### EXERCISE INSTRUCTIONS
Leaving out only the pictures, write out all the entries exactly.

### Entries taken from a collection
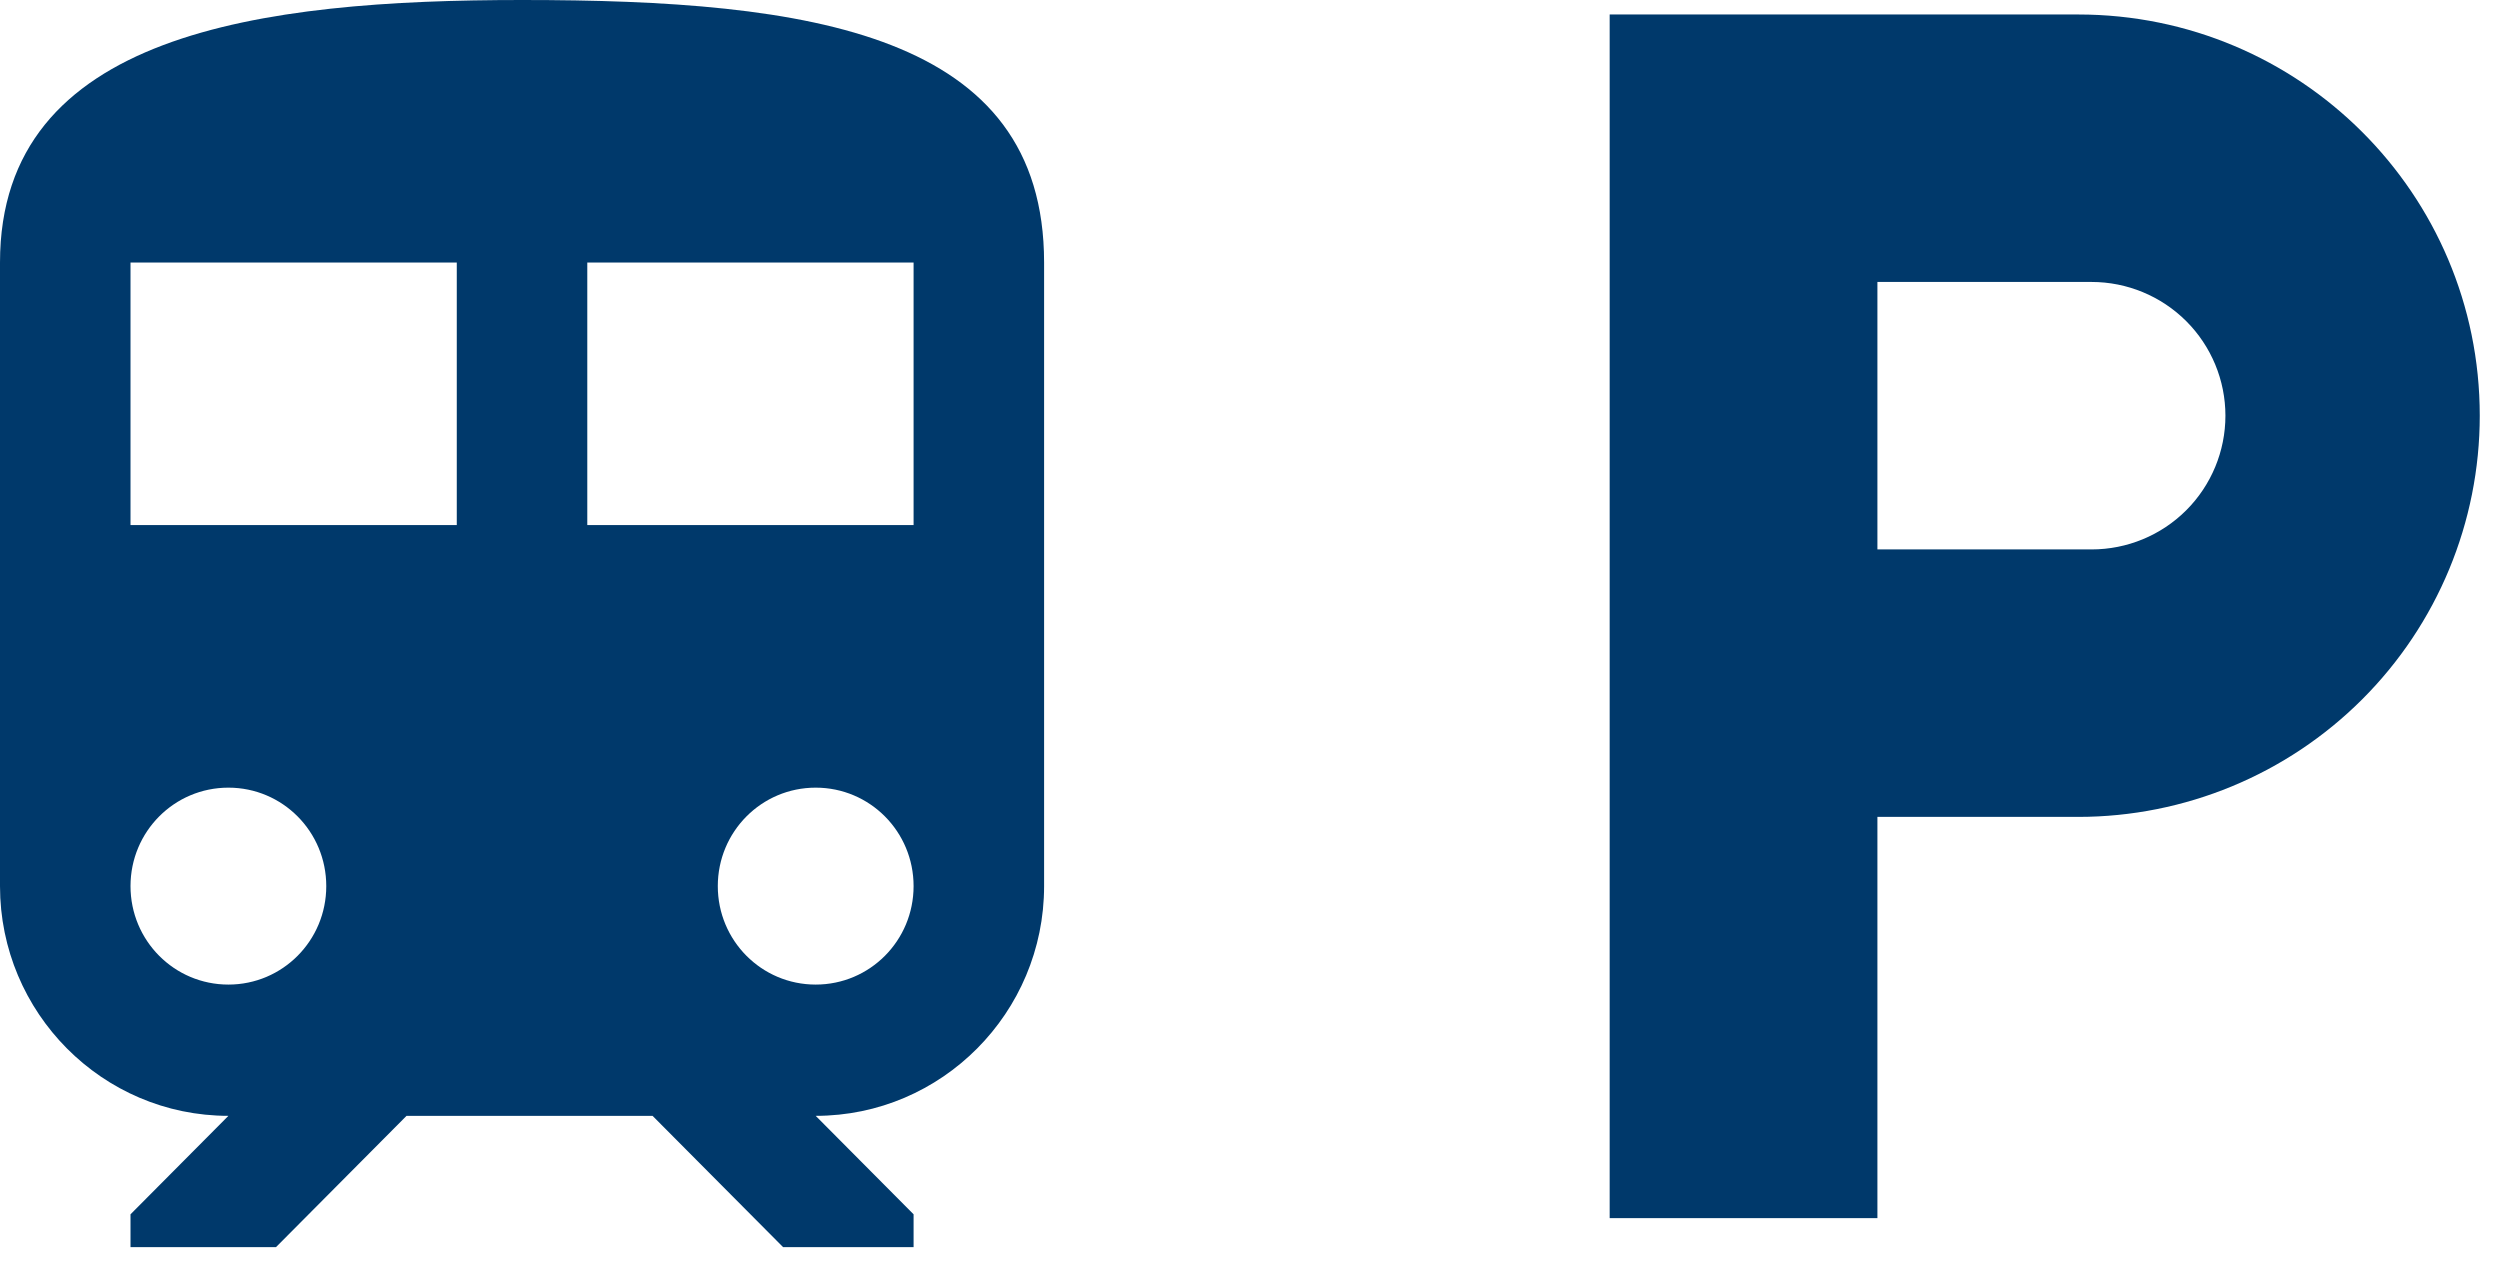 <svg width="83" height="42" viewBox="0 0 83 42" fill="none" xmlns="http://www.w3.org/2000/svg">
<path d="M17.332 0C8.666 0 0 1.09 0 8.717V29.419C0 33.625 3.401 37.046 7.583 37.046L4.333 40.315V41.404H9.164L13.497 37.046H21.665L25.998 41.404H30.331V40.315L27.081 37.046C31.263 37.046 34.664 33.625 34.664 29.419V8.717C34.664 1.09 26.908 0 17.332 0ZM7.583 32.688C5.785 32.688 4.333 31.228 4.333 29.419C4.333 27.61 5.785 26.15 7.583 26.15C9.381 26.15 10.832 27.61 10.832 29.419C10.832 31.228 9.381 32.688 7.583 32.688ZM15.165 17.433H4.333V8.717H15.165V17.433ZM19.498 17.433V8.717H30.331V17.433H19.498ZM27.081 32.688C25.283 32.688 23.831 31.228 23.831 29.419C23.831 27.61 25.283 26.15 27.081 26.15C28.88 26.15 30.331 27.61 30.331 29.419C30.331 31.228 28.88 32.688 27.081 32.688Z" fill="#00396B"/>
<path d="M69.44 18.241H62.33V9.361H69.44C70.619 9.361 71.749 9.829 72.583 10.662C73.416 11.495 73.884 12.624 73.884 13.801C73.884 14.979 73.416 16.108 72.583 16.941C71.749 17.774 70.619 18.241 69.44 18.241ZM68.996 0.481H53.441V40.441H62.33V27.121H68.996C72.532 27.121 75.923 25.718 78.423 23.22C80.924 20.722 82.328 17.334 82.328 13.801C82.328 6.431 76.351 0.481 68.996 0.481Z" fill="#00396B"/>
</svg>
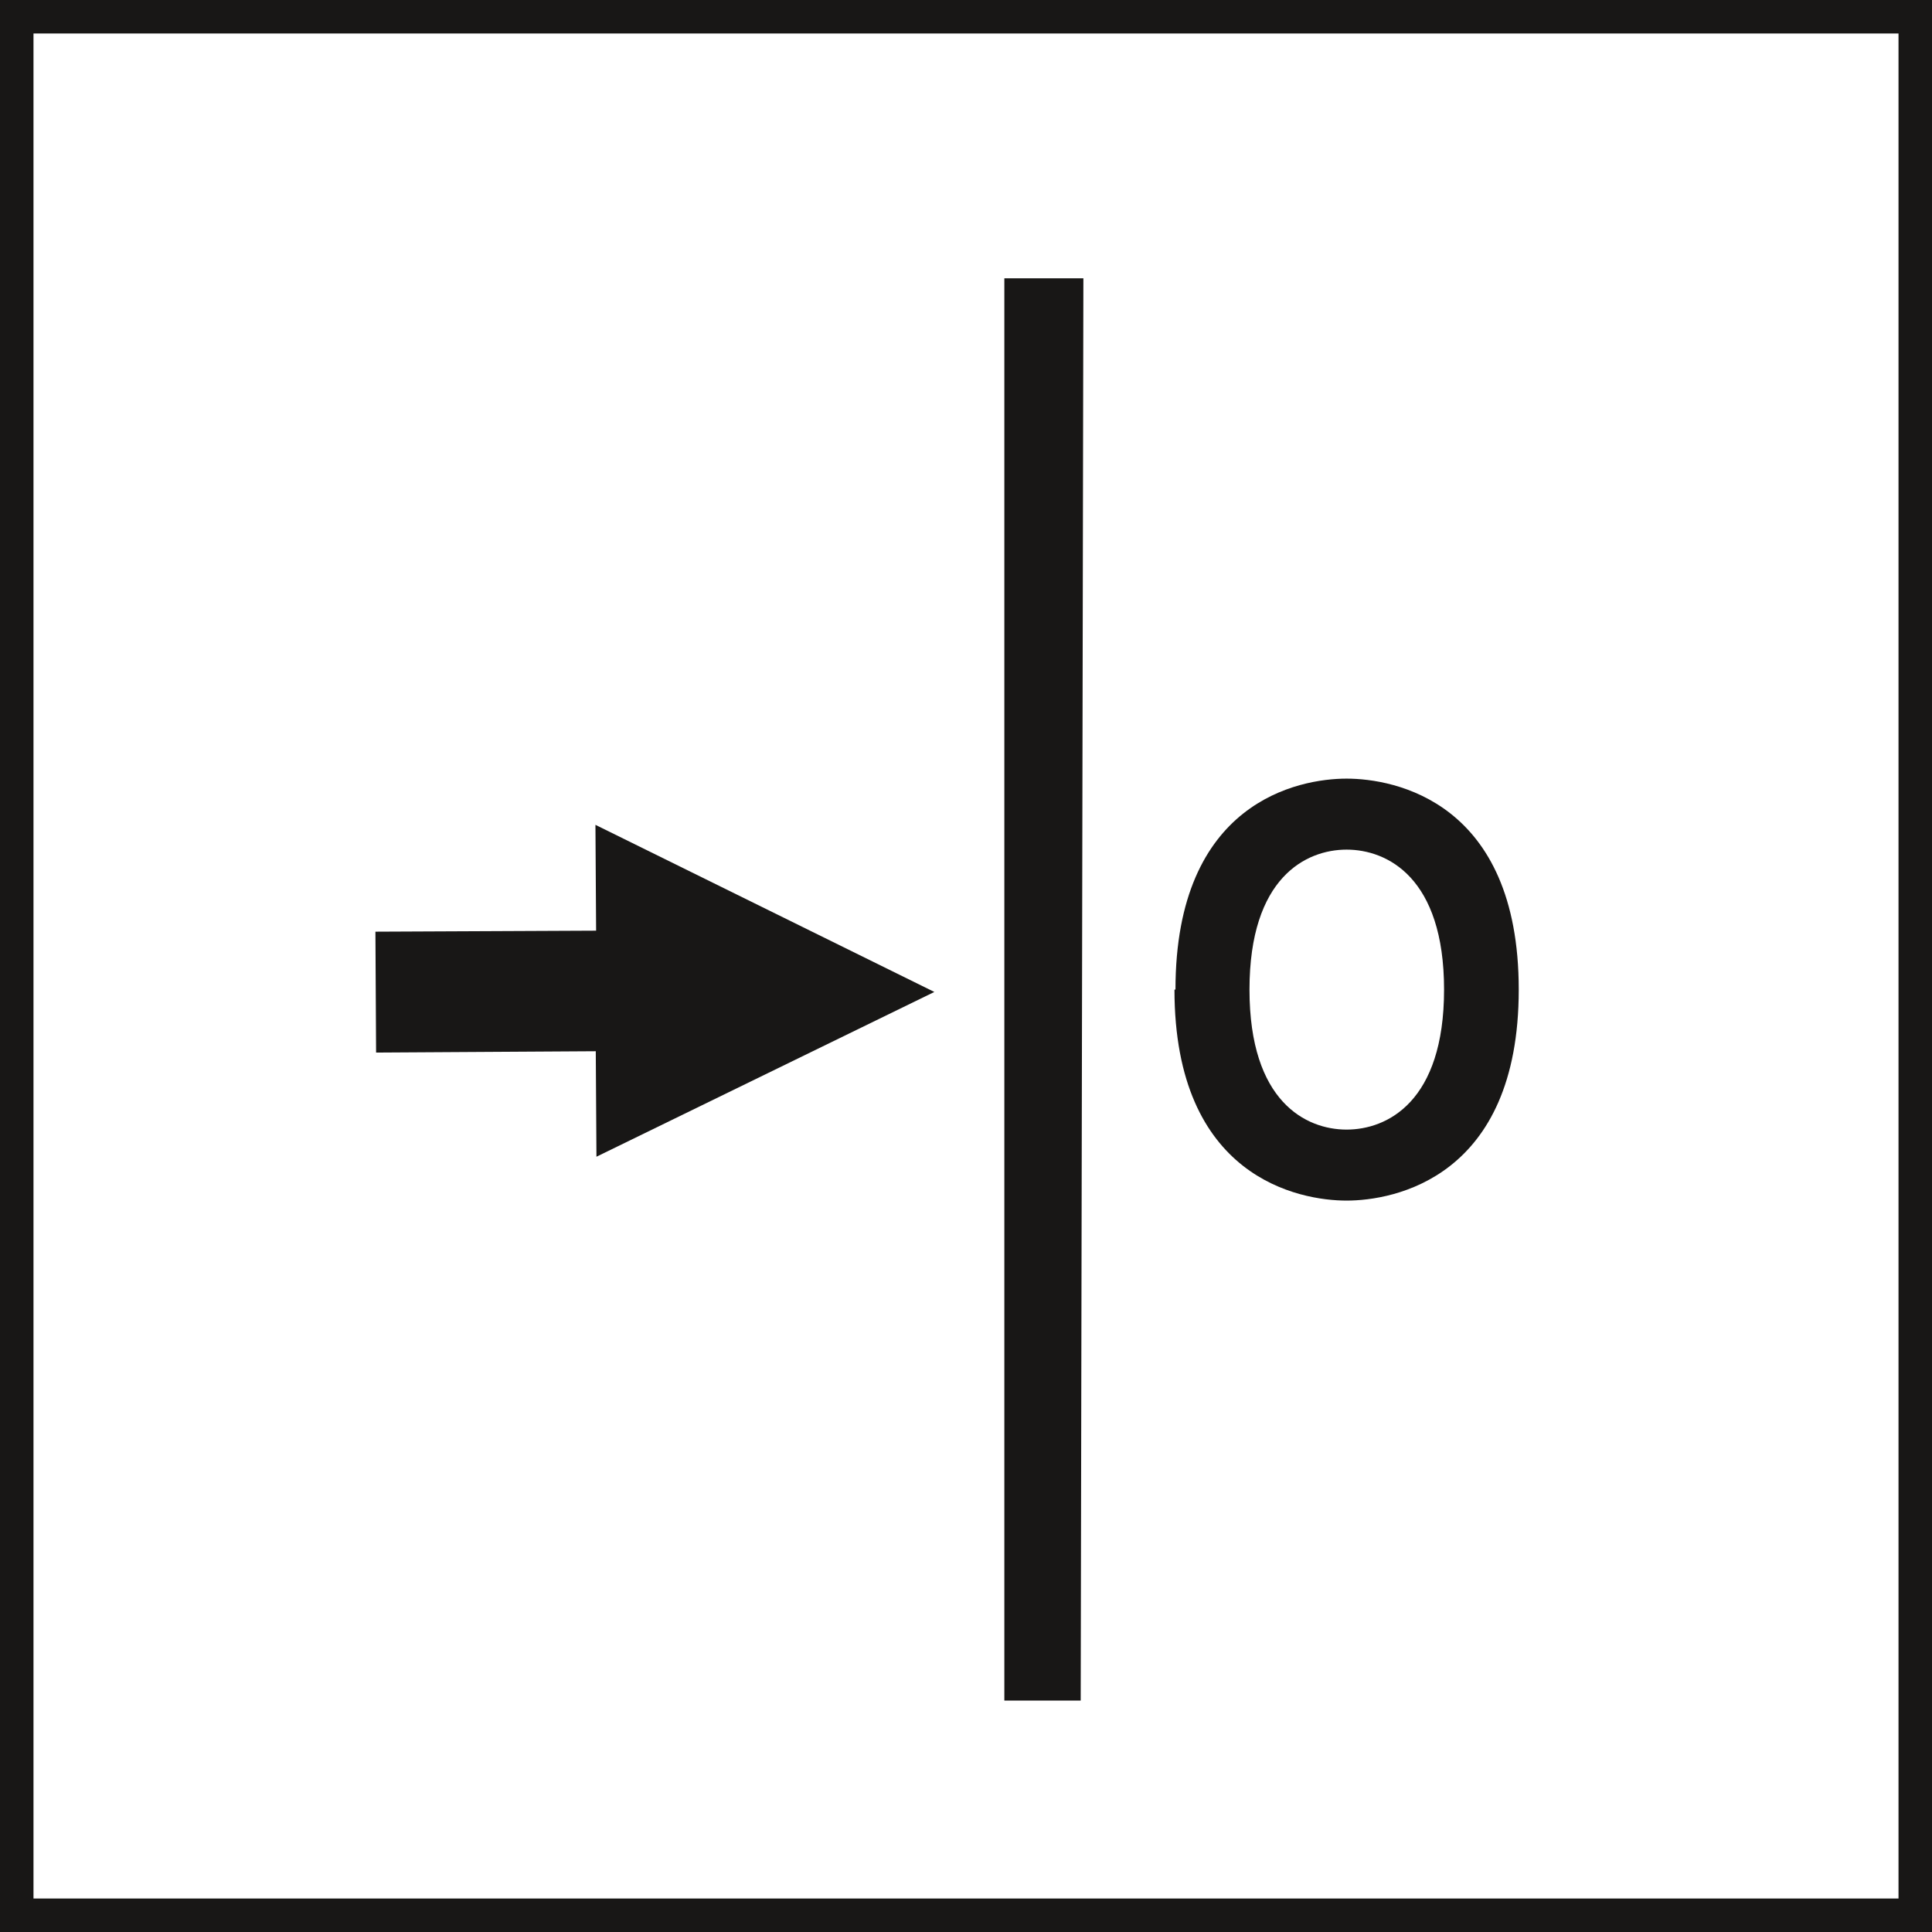 <svg id="Calque_1" data-name="Calque 1" xmlns="http://www.w3.org/2000/svg" viewBox="0 0 57.69 57.69"><rect x="0" y="0" width="57.69" height="57.69" fill="#808080" stroke="none"/><defs><style>.cls-1{fill:#fff;stroke:#181716;stroke-miterlimit:10}.cls-2{fill:#181716}</style></defs><title>TYPERACCORD-3</title><path class="cls-1" d="M.5.5h56.69v56.69H.5z"/><path class="cls-2" d="M17.8 27.79l-.02-3.16 10.12 4.99-10.09 4.92-.02-3.15-6.56.04-.02-3.61 6.59-.03zM32.35 8.31h-2.36v42.47h2.28l.08-42.47z"/><path class="cls-2" d="M481.21 240.52c0-3.35 1.69-4.18 2.9-4.18s2.91.83 2.91 4.18-1.7 4.18-2.91 4.18-2.9-.83-2.9-4.18zm-2.24 0c0 5.62 3.73 6.3 5.14 6.3s5.14-.68 5.14-6.3-3.72-6.3-5.14-6.3-5.11.68-5.11 6.3z" transform="translate(-443.9 -210.97)"/></svg>

### REPLY
 <svg width="83" height="42" viewBox="0 0 83 42" fill="none" xmlns="http://www.w3.org/2000/svg">
<path d="M17.332 0C8.666 0 0 1.09 0 8.717V29.419C0 33.625 3.401 37.046 7.583 37.046L4.333 40.315V41.404H9.164L13.497 37.046H21.665L25.998 41.404H30.331V40.315L27.081 37.046C31.263 37.046 34.664 33.625 34.664 29.419V8.717C34.664 1.09 26.908 0 17.332 0ZM7.583 32.688C5.785 32.688 4.333 31.228 4.333 29.419C4.333 27.61 5.785 26.15 7.583 26.15C9.381 26.15 10.832 27.61 10.832 29.419C10.832 31.228 9.381 32.688 7.583 32.688ZM15.165 17.433H4.333V8.717H15.165V17.433ZM19.498 17.433V8.717H30.331V17.433H19.498ZM27.081 32.688C25.283 32.688 23.831 31.228 23.831 29.419C23.831 27.61 25.283 26.15 27.081 26.15C28.88 26.15 30.331 27.61 30.331 29.419C30.331 31.228 28.88 32.688 27.081 32.688Z" fill="#00396B"/>
<path d="M69.44 18.241H62.33V9.361H69.44C70.619 9.361 71.749 9.829 72.583 10.662C73.416 11.495 73.884 12.624 73.884 13.801C73.884 14.979 73.416 16.108 72.583 16.941C71.749 17.774 70.619 18.241 69.44 18.241ZM68.996 0.481H53.441V40.441H62.33V27.121H68.996C72.532 27.121 75.923 25.718 78.423 23.22C80.924 20.722 82.328 17.334 82.328 13.801C82.328 6.431 76.351 0.481 68.996 0.481Z" fill="#00396B"/>
</svg>
 <svg id="Calque_1" data-name="Calque 1" xmlns="http://www.w3.org/2000/svg" viewBox="0 0 57.69 57.69"><rect x="0" y="0" width="57.69" height="57.69" fill="#808080" stroke="none"/><defs><style>.cls-1{fill:#fff;stroke:#181716;stroke-miterlimit:10}.cls-2{fill:#181716}</style></defs><title>TYPERACCORD-3</title><path class="cls-1" d="M.5.5h56.69v56.69H.5z"/><path class="cls-2" d="M17.8 27.79l-.02-3.16 10.12 4.99-10.09 4.92-.02-3.15-6.56.04-.02-3.61 6.59-.03zM32.35 8.31h-2.36v42.47h2.28l.08-42.47z"/><path class="cls-2" d="M481.21 240.52c0-3.35 1.69-4.18 2.9-4.18s2.91.83 2.91 4.18-1.7 4.18-2.91 4.18-2.9-.83-2.9-4.18zm-2.24 0c0 5.62 3.73 6.3 5.14 6.3s5.14-.68 5.14-6.3-3.72-6.3-5.14-6.3-5.11.68-5.11 6.3z" transform="translate(-443.9 -210.97)"/></svg>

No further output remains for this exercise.